### TASK TO CARRY OUT:
Lines below starting with the line with "87.5) scale(-1, 1)" and going on through the line with "L181.303,98.636 C180.937,97.061 180.317,95.585" must be output exactly; the rest of the records must be left out.

Start of AVAILABLE RECORDS

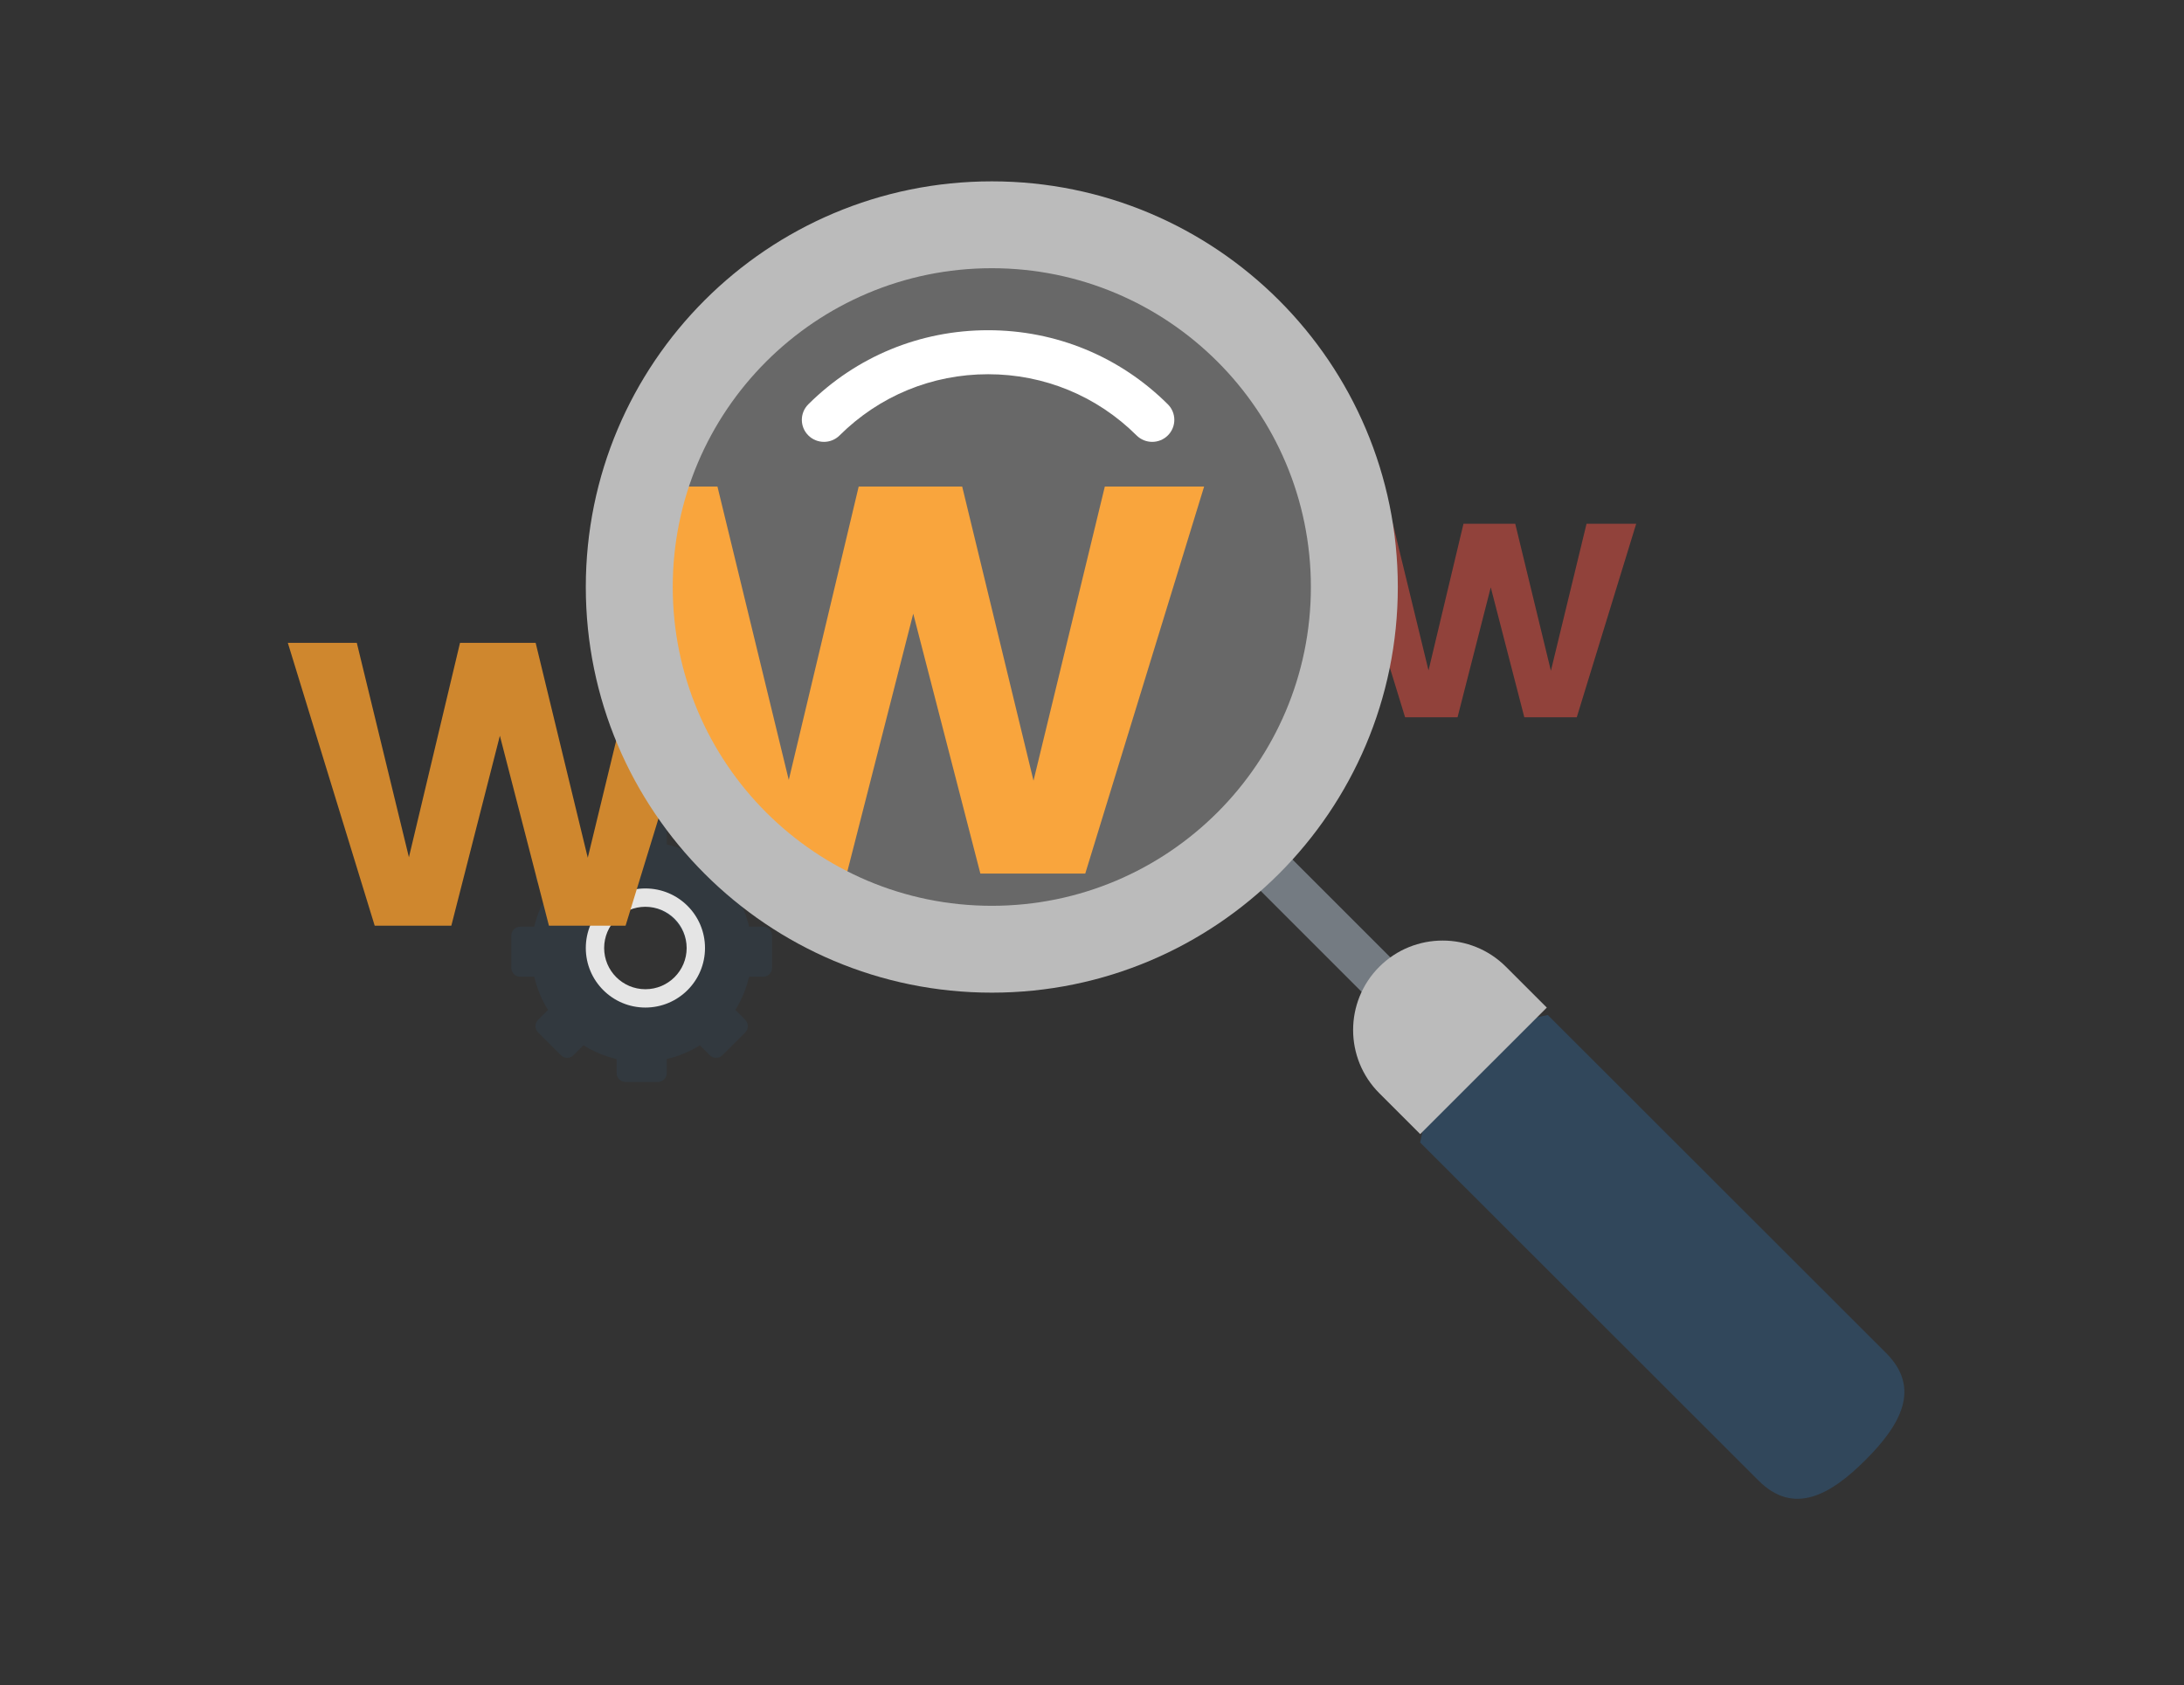 <?xml version="1.0" encoding="UTF-8" standalone="no"?>
<svg width="289px" height="223px" viewBox="0 0 289 223" version="1.1" xmlns="http://www.w3.org/2000/svg" xmlns:xlink="http://www.w3.org/1999/xlink">
    <rect x="0" y="0" width="289" height="223" fill="#333333" stroke="none"/>
    <!-- Generator: Sketch 46.2 (44496) - http://www.bohemiancoding.com/sketch -->
    <title>Artboard 3</title>
    <desc>Created with Sketch.</desc>
    <defs></defs>
    <g id="Page-1" stroke="none" stroke-width="1" fill="none" fill-rule="evenodd">
        <g id="Artboard-3">
            <g id="Group-3" transform="translate(38, 24)">
                <g id="search-engine-(2)" transform="translate(107, 87.5) scale(-1, 1) translate(-107, -87.5) ">
                    <ellipse id="Oval" fill-opacity="0.29" fill="#EBEBEB" cx="118.786" cy="49.744" rx="47.81" ry="47.774"></ellipse>
                    <path d="M183.159,98.636 L181.303,98.636 C180.937,97.061 180.317,95.585 179.486,94.251 L180.798,92.94 C181.259,92.479 181.259,91.731 180.798,91.271 L177.777,88.252 C177.316,87.791 176.568,87.791 176.106,88.252 L174.794,89.563 C173.46,88.733 171.983,88.114 170.407,87.748 L170.407,85.894 C170.407,85.241 169.878,84.713 169.225,84.713 L164.953,84.713 C164.301,84.713 163.772,85.241 163.772,85.894 L163.772,87.748 C162.196,88.114 160.718,88.733 159.384,89.564 L158.072,88.253 C157.611,87.792 156.863,87.792 156.402,88.253 L153.381,91.271 C152.92,91.732 152.92,92.48 153.381,92.941 L154.693,94.252 C153.862,95.585 153.242,97.061 152.876,98.636 L151.02,98.636 C150.367,98.636 149.838,99.164 149.838,99.817 L149.838,104.086 C149.838,104.737 150.367,105.266 151.02,105.266 L152.876,105.266 C153.242,106.84 153.862,108.317 154.693,109.65 L153.381,110.961 C152.92,111.422 152.92,112.17 153.381,112.63 L156.402,115.649 C156.863,116.11 157.611,116.11 158.072,115.649 L159.385,114.338 C160.719,115.168 162.197,115.788 163.773,116.154 L163.773,118.008 C163.772,118.66 164.301,119.189 164.954,119.189 L169.226,119.189 C169.878,119.189 170.407,118.66 170.407,118.008 L170.407,116.154 C171.983,115.788 173.46,115.168 174.795,114.338 L176.107,115.649 C176.568,116.11 177.317,116.11 177.778,115.649 L180.799,112.63 C181.26,112.17 181.26,111.422 180.799,110.961 L179.486,109.65 C180.317,108.317 180.937,106.84 181.304,105.265 L183.16,105.265 C183.812,105.266 184.341,104.737 184.341,104.085 L184.341,99.816 C184.341,99.164 183.812,98.636 183.159,98.636 Z M167.089,107.918 C163.791,107.918 161.118,105.246 161.118,101.951 C161.118,98.655 163.791,95.984 167.089,95.984 C170.388,95.984 173.061,98.655 173.061,101.951 C173.061,105.246 170.388,107.918 167.089,107.918 Z" id="Shape" fill="#31475B" fill-rule="nonzero" opacity="0.297"></path>
                    <path d="M166.597,93.578 C162.241,93.578 158.71,97.106 158.71,101.458 C158.71,105.811 162.241,109.339 166.597,109.339 C170.952,109.339 174.483,105.811 174.483,101.458 C174.483,97.106 170.952,93.578 166.597,93.578 Z M166.597,106.914 C163.581,106.914 161.137,104.471 161.137,101.458 C161.137,98.445 163.581,96.003 166.597,96.003 C169.612,96.003 172.056,98.445 172.056,101.458 C172.056,104.471 169.612,106.914 166.597,106.914 Z" id="Shape" fill="#E5E5E5" fill-rule="nonzero"></path>
                    <polygon id="w" fill="#CF872E" points="204.786 61.072 213.914 61.072 202.419 98.503 192.277 98.503 185.853 73.369 179.362 98.503 169.219 98.503 157.725 61.072 167.326 61.072 174.223 89.517 181.12 61.072 191.127 61.072 197.889 89.449"></polygon>
                    <polygon id="w-copy" fill="#F05244" opacity="0.5" points="67.688 45.311 73.933 45.311 66.069 70.922 59.129 70.922 54.734 53.725 50.292 70.922 43.353 70.922 35.488 45.311 42.058 45.311 46.776 64.774 51.495 45.311 58.342 45.311 62.969 64.728"></polygon>
                    <polygon id="w" fill="#F9A53D" points="157.063 40.386 169.554 40.386 153.824 91.608 139.945 91.608 131.155 57.214 122.272 91.608 108.393 91.608 92.663 40.386 105.802 40.386 115.24 79.311 124.678 40.386 138.372 40.386 147.625 79.219"></polygon>
                    <rect id="Rectangle-path" fill="#747B82" fill-rule="nonzero" transform="translate(74.919, 99.981) rotate(-135) translate(-74.919, -99.981) " x="71.962" y="81.758" width="5.915" height="36.446"></rect>
                    <path d="M120.758,107.368 C91.086,107.368 67.033,83.333 67.033,53.684 C67.033,24.035 91.086,2.13162821e-14 120.758,2.13162821e-14 C150.429,2.13162821e-14 174.483,24.035 174.483,53.684 C174.483,83.333 150.429,107.368 120.758,107.368 Z M120.758,95.873 C144.076,95.873 162.979,76.984 162.979,53.684 C162.979,30.384 144.076,11.495 120.758,11.495 C97.44,11.495 78.537,30.384 78.537,53.684 C78.537,76.984 97.44,95.873 120.758,95.873 Z" id="Combined-Shape" fill="#BBBBBB" fill-rule="nonzero"></path>
                    <path d="M99.533,34.476 C98.785,34.476 98.035,34.192 97.464,33.623 C96.32,32.486 96.32,30.642 97.464,29.505 C103.817,23.183 112.265,19.701 121.251,19.701 C130.237,19.701 138.684,23.182 145.038,29.505 C146.181,30.642 146.181,32.486 145.038,33.623 C143.895,34.76 142.041,34.76 140.899,33.623 C135.65,28.4 128.673,25.525 121.251,25.525 C113.828,25.525 106.851,28.401 101.603,33.623 C101.031,34.191 100.282,34.476 99.533,34.476 Z" id="Shape" fill="#FFFFFF" fill-rule="nonzero"></path>
                    <path d="M64.076,127.199 L19.306,171.935 C14.643,176.594 9.805,173.871 5.143,169.212 C0.481,164.553 -2.245,159.718 2.418,155.06 L47.188,110.324 L61.104,113.293 L64.076,127.199 Z" id="Shape" fill="#31475B" fill-rule="nonzero"></path>
                    <path d="M69.479,120.679 L64.069,126.084 L47.317,109.345 L52.727,103.939 C57.352,99.318 64.854,99.318 69.479,103.939 C74.104,108.561 74.104,116.057 69.479,120.679 Z" id="Shape" fill="#BBBBBB" fill-rule="nonzero"></path>
                </g>
            </g>
        </g>
    </g>
</svg>

End of AVAILABLE RECORDS

### ANSWER SECTION:
                <g id="search-engine-(2)" transform="translate(107, 87.5) scale(-1, 1) translate(-107, -87.5) ">
                    <ellipse id="Oval" fill-opacity="0.29" fill="#EBEBEB" cx="118.786" cy="49.744" rx="47.81" ry="47.774"></ellipse>
                    <path d="M183.159,98.636 L181.303,98.636 C180.937,97.061 180.317,95.585 179.486,94.251 L180.798,92.94 C181.259,92.479 181.259,91.731 180.798,91.271 L177.777,88.252 C177.316,87.791 176.568,87.791 176.106,88.252 L174.794,89.563 C173.46,88.733 171.983,88.114 170.407,87.748 L170.407,85.894 C170.407,85.241 169.878,84.713 169.225,84.713 L164.953,84.713 C164.301,84.713 163.772,85.241 163.772,85.894 L163.772,87.748 C162.196,88.114 160.718,88.733 159.384,89.564 L158.072,88.253 C157.611,87.792 156.863,87.792 156.402,88.253 L153.381,91.271 C152.92,91.732 152.92,92.48 153.381,92.941 L154.693,94.252 C153.862,95.585 153.242,97.061 152.876,98.636 L151.02,98.636 C150.367,98.636 149.838,99.164 149.838,99.817 L149.838,104.086 C149.838,104.737 150.367,105.266 151.02,105.266 L152.876,105.266 C153.242,106.84 153.862,108.317 154.693,109.65 L153.381,110.961 C152.92,111.422 152.92,112.17 153.381,112.63 L156.402,115.649 C156.863,116.11 157.611,116.11 158.072,115.649 L159.385,114.338 C160.719,115.168 162.197,115.788 163.773,116.154 L163.773,118.008 C163.772,118.66 164.301,119.189 164.954,119.189 L169.226,119.189 C169.878,119.189 170.407,118.66 170.407,118.008 L170.407,116.154 C171.983,115.788 173.46,115.168 174.795,114.338 L176.107,115.649 C176.568,116.11 177.317,116.11 177.778,115.649 L180.799,112.63 C181.26,112.17 181.26,111.422 180.799,110.961 L179.486,109.65 C180.317,108.317 180.937,106.84 181.304,105.265 L183.16,105.265 C183.812,105.266 184.341,104.737 184.341,104.085 L184.341,99.816 C184.341,99.164 183.812,98.636 183.159,98.636 Z M167.089,107.918 C163.791,107.918 161.118,105.246 161.118,101.951 C161.118,98.655 163.791,95.984 167.089,95.984 C170.388,95.984 173.061,98.655 173.061,101.951 C173.061,105.246 170.388,107.918 167.089,107.918 Z" id="Shape" fill="#31475B" fill-rule="nonzero" opacity="0.297"></path>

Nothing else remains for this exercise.